The hydrophobic effect is the observed tendency of nonpolar substances to aggregate in aqueous solution and exclude water molecules. The word hydrophobic literally means "water-fearing", and it describes the segregation of water and nonpolar substances, which maximizes hydrogen bonding between molecules of water and minimizes the area of contact between water and nonpolar molecules.
The hydrophobic effect is responsible for the separation of a mixture of oil and water into its two components. It is also responsible for effects related to biology, including: cell membranes and vesicles formation, protein folding, insertion of membrane proteins into the nonpolar lipid environment and protein-small molecule associations. Hence the hydrophobic effect is essential to life. Substances for which this effect is observed are known as hydrophobes.
The hydrophilic groups prevent phase separation of the molecules by maintaining the hydrophobic groups in water through formation of strong hydrogen bonds with water molecules. The driving force for this self-assembly is the hydrophobic effect.

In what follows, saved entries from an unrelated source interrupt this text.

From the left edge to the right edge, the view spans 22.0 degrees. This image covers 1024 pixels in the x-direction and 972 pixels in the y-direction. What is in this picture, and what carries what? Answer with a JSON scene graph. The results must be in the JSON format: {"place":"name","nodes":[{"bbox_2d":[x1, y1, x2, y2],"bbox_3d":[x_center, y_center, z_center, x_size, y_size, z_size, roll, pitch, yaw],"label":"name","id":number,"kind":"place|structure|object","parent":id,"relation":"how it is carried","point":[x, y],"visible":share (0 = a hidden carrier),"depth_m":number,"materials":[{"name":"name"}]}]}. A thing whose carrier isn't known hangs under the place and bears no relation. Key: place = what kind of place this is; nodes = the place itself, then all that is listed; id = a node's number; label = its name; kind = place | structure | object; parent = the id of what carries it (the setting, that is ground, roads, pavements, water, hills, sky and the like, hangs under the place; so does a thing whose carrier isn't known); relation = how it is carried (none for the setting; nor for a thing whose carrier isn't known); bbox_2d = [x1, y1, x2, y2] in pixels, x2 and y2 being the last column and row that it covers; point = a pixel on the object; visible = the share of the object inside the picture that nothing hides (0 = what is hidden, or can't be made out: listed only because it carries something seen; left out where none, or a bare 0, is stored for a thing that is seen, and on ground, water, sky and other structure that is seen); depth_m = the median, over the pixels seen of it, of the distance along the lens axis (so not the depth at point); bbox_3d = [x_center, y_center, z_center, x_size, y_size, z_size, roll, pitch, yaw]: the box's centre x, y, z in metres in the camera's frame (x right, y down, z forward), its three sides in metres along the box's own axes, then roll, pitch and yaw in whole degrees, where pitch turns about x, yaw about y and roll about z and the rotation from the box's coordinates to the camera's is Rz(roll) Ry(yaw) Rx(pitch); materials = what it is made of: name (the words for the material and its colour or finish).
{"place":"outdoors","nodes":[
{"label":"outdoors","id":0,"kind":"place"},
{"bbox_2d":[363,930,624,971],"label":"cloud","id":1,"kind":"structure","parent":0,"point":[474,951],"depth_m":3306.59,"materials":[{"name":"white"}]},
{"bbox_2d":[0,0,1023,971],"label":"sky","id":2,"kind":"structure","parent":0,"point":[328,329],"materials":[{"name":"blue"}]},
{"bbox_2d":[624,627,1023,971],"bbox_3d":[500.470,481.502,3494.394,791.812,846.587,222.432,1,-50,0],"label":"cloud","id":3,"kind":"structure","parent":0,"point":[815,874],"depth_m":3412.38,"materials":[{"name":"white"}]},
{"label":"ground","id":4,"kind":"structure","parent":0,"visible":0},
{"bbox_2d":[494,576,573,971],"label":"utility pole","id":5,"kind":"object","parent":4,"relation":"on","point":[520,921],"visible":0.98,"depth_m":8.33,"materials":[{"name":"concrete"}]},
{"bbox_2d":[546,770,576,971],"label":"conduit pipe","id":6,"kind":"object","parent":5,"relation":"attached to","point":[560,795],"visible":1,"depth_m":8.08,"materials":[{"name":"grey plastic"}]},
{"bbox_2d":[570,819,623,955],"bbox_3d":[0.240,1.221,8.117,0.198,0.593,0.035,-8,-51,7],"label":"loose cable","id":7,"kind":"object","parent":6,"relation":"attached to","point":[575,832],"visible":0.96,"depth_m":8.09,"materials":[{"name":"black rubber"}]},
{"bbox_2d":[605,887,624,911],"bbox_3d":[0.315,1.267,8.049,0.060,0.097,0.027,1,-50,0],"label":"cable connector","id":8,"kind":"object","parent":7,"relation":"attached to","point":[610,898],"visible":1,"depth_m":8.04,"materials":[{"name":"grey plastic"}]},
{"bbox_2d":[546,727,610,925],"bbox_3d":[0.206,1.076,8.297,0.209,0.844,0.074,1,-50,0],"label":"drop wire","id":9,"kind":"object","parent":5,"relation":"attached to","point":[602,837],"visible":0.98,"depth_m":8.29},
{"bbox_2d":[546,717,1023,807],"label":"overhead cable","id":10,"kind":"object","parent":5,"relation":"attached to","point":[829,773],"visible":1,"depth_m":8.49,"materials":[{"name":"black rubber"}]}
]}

Amphiphiles are molecules that have both hydrophobic and hydrophilic domains. Detergents are composed of amphiphiles that allow hydrophobic molecules to be solubilized in water by forming micelles and bilayers (as in soap bubbles). They are also important to cell membranes composed of amphiphilic phospholipids that prevent the internal aqueous environment of a cell from mixing with external water.

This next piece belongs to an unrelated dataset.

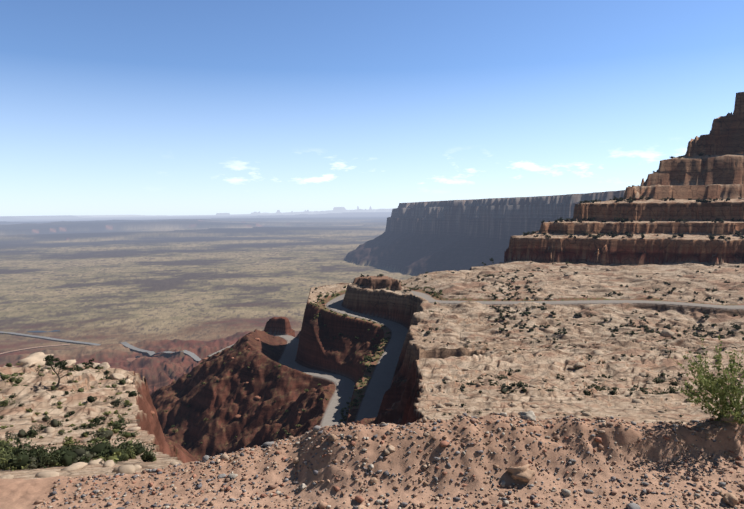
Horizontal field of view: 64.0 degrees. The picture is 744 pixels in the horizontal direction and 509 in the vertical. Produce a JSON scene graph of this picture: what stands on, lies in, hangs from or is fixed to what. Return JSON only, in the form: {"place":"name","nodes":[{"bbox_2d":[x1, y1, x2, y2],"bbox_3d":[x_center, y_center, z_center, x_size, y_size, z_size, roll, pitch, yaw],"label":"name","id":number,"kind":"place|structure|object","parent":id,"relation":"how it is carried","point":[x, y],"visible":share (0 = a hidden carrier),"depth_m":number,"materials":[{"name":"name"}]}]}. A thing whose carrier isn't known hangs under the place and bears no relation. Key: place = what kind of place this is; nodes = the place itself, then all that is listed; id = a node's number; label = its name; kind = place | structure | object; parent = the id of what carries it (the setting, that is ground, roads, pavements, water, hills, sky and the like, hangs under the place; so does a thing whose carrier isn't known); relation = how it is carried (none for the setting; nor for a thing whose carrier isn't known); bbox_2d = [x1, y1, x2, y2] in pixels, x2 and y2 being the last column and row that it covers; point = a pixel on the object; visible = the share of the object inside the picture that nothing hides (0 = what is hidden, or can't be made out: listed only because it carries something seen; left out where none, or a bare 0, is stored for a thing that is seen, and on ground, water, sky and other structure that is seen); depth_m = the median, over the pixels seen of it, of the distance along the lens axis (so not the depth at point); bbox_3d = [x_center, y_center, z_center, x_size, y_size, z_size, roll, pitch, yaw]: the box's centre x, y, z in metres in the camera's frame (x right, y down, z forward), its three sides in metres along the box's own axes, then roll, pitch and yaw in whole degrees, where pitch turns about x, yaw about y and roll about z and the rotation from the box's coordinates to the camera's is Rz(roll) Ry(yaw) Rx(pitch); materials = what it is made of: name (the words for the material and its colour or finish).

In the case of protein folding, the hydrophobic effect is important to understanding the structure of proteins that have hydrophobic amino acids (such as alanine, valine, leucine, isoleucine, phenylalanine, tryptophan and methionine) clustered together within the protein. Structures of water-soluble proteins have a hydrophobic core in which side chains are buried from water, which stabilizes the folded state. Charged and polar side chains are situated on the solvent-exposed surface where they interact with surrounding water molecules. Minimizing the number of hydrophobic side chains exposed to water is the principal driving force behind the folding process, although formation of hydrogen bonds within the protein also stabilizes protein structure.